What was the most rewarding experience of your professional career?
It's hard to really point out one single example. I can remember very clearly when I was a rookie reference librarian down in Florida the first time somebody came back to the reference desk --and I don't think I'd been there on the job more than 6 or 8 weeks--and a student came back specifically to thank me for helping him find some resources to do a paper, and it was either art or music, I don't remember quite distinctly what the subject matter was, but it was not only finding the resources, finding that these resources existed, he even had problems physically locating the stuff, and we both went upstairs and located the materials. And he came back to thank me, to let me know that he had in fact done the assignment and that he had gotten a good grade on this particular assignment. And, so that was the first time that happened. Fortunately, it wasn't the only time that happened. So that's one example. With teaching, those rewards are sort of there all the time.

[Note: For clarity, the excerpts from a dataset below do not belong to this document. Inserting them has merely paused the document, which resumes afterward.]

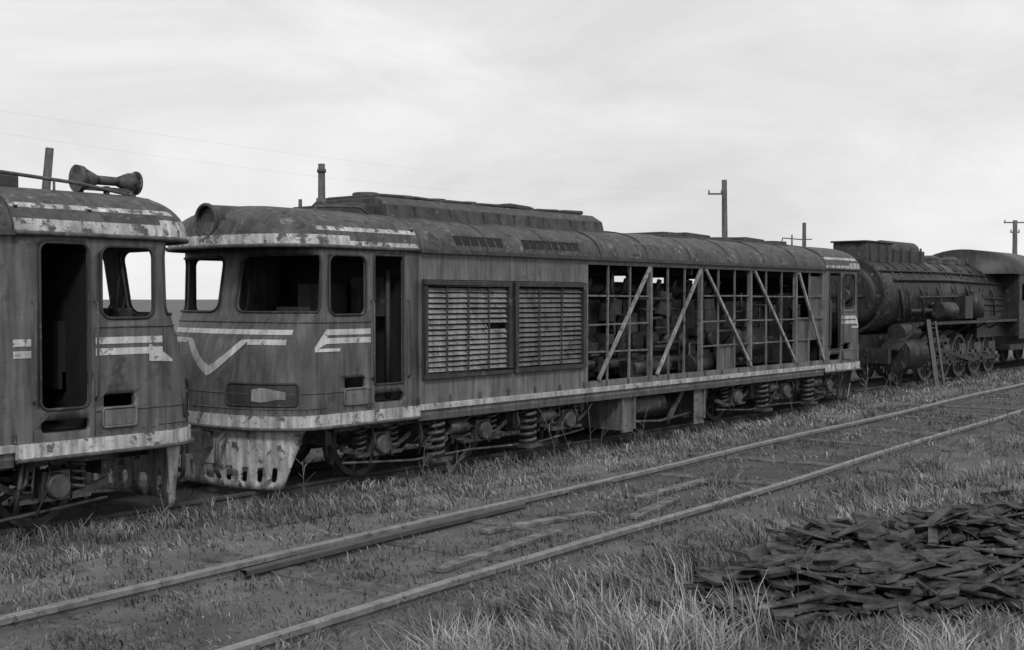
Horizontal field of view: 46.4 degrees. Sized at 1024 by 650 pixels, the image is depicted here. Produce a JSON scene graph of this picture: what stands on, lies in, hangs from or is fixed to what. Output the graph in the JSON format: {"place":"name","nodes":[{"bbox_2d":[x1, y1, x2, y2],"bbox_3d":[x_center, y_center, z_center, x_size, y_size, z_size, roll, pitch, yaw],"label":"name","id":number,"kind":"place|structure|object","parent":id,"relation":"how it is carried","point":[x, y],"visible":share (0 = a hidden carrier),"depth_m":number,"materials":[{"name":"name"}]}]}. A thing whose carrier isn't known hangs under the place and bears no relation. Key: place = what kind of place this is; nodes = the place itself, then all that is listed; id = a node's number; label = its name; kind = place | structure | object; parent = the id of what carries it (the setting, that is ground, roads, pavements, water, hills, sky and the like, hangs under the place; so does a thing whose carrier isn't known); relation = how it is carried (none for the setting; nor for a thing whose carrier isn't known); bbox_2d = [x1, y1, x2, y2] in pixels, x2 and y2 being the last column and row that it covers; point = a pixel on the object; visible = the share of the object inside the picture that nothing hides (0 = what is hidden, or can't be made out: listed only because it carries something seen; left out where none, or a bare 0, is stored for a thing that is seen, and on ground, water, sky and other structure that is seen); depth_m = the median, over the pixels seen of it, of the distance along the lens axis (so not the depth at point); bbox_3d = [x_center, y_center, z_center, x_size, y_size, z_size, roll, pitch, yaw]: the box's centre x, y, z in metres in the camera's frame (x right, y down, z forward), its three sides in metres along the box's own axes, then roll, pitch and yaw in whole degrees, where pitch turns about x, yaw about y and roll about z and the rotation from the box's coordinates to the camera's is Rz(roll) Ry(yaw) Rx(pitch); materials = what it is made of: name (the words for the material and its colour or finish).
{"place":"outdoors","nodes":[
{"label":"outdoors","id":0,"kind":"place"},
{"bbox_2d":[0,299,1023,649],"bbox_3d":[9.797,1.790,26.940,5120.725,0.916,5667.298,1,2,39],"label":"ground","id":1,"kind":"structure","parent":0,"point":[196,621],"depth_m":10.75,"materials":[{"name":"soil"}]},
{"bbox_2d":[42,147,53,189],"bbox_3d":[-11.905,-0.990,29.930,0.860,6.925,0.280,-1,1,-32],"label":"telegraph pole","id":2,"kind":"object","parent":1,"relation":"on","point":[48,164],"visible":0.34,"depth_m":29.94,"materials":[{"name":"grey wood"}]},
{"bbox_2d":[316,164,326,200],"bbox_3d":[-5.561,-1.194,34.962,0.586,7.022,0.616,1,2,39],"label":"telegraph pole","id":3,"kind":"object","parent":1,"relation":"on","point":[321,170],"visible":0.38,"depth_m":34.81,"materials":[{"name":"grey wood"}]},
{"bbox_2d":[0,353,1023,649],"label":"grass","id":4,"kind":"structure","parent":1,"relation":"on","point":[796,641],"depth_m":9.90,"materials":[{"name":"plant"}]},
{"bbox_2d":[0,382,1023,649],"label":"railway track","id":5,"kind":"structure","parent":1,"relation":"on","point":[276,562],"depth_m":9.30,"materials":[{"name":"metal"}]},
{"bbox_2d":[0,359,1023,538],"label":"railway track","id":6,"kind":"structure","parent":1,"relation":"on","point":[314,485],"depth_m":18.98,"materials":[{"name":"grey metal"}]},
{"bbox_2d":[0,164,193,526],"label":"diesel locomotive","id":7,"kind":"object","parent":6,"relation":"on","point":[90,385],"visible":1,"depth_m":14.02,"materials":[{"name":"paint"}]},
{"bbox_2d":[166,192,861,489],"bbox_3d":[1.870,-0.043,24.416,3.262,4.396,20.460,1,2,39],"label":"diesel locomotive","id":8,"kind":"object","parent":6,"relation":"on","point":[371,327],"visible":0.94,"depth_m":19.29,"materials":[{"name":"paint"}]},
{"bbox_2d":[830,240,1023,386],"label":"steam locomotive","id":9,"kind":"object","parent":6,"relation":"on","point":[921,316],"visible":0.91,"depth_m":36.05,"materials":[{"name":"metal"}]},
{"bbox_2d":[75,364,1023,649],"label":"dry weeds","id":10,"kind":"object","parent":1,"relation":"on","point":[839,490],"visible":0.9,"depth_m":10.99,"materials":[{"name":"plant"}]},
{"bbox_2d":[708,180,727,236],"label":"telegraph pole","id":11,"kind":"object","parent":1,"relation":"on","point":[724,213],"visible":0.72,"depth_m":59.68,"materials":[{"name":"grey wood"}]},
{"bbox_2d":[802,223,805,246],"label":"telegraph pole","id":12,"kind":"object","parent":1,"relation":"on","point":[804,233],"visible":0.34,"depth_m":69.76,"materials":[{"name":"grey wood"}]},
{"bbox_2d":[613,489,1023,649],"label":"scrap board pile","id":13,"kind":"object","parent":1,"relation":"on","point":[896,558],"visible":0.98,"depth_m":7.84,"materials":[{"name":"black wood"}]},
{"bbox_2d":[1004,220,1023,253],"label":"telegraph pole","id":14,"kind":"object","parent":1,"relation":"on","point":[1014,240],"visible":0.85,"depth_m":79.81,"materials":[{"name":"grey wood"}]},
{"bbox_2d":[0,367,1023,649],"bbox_3d":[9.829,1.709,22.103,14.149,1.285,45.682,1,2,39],"label":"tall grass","id":15,"kind":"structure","parent":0,"point":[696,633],"depth_m":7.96,"materials":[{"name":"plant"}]},
{"bbox_2d":[0,0,1023,299],"label":"sky","id":16,"kind":"structure","parent":0,"point":[847,120],"materials":[{"name":"white"}]},
{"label":"telegraph pole","id":17,"kind":"object","parent":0,"visible":0},
{"bbox_2d":[4,111,726,199],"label":"overhead wires","id":18,"kind":"object","parent":17,"relation":"attached to","point":[331,158],"visible":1,"depth_m":33.85,"materials":[{"name":"metal"}]}
]}

And I do have in addition to the sort of numerical evaluations in the classroom by the students every semester, I also have the students do a more narrative sort of evaluation and those are usually very positive and so you sort of get your reward that way by people indicating--for example, because I teach real popular classes like management--and some students are pretty honest about how they are not really looking forward to that class and 15-16 weeks of that kind of stuff yet by the time the semester was over they see the importance of why they had to take it--they enjoyed the class, they actually learned something and this and that and the other, and so I kind of get that reinforcement looking at these after I get those back from our testing and evaluation people.
Would you discuss whether or not you see today's challenges as being different from those of your graduating class?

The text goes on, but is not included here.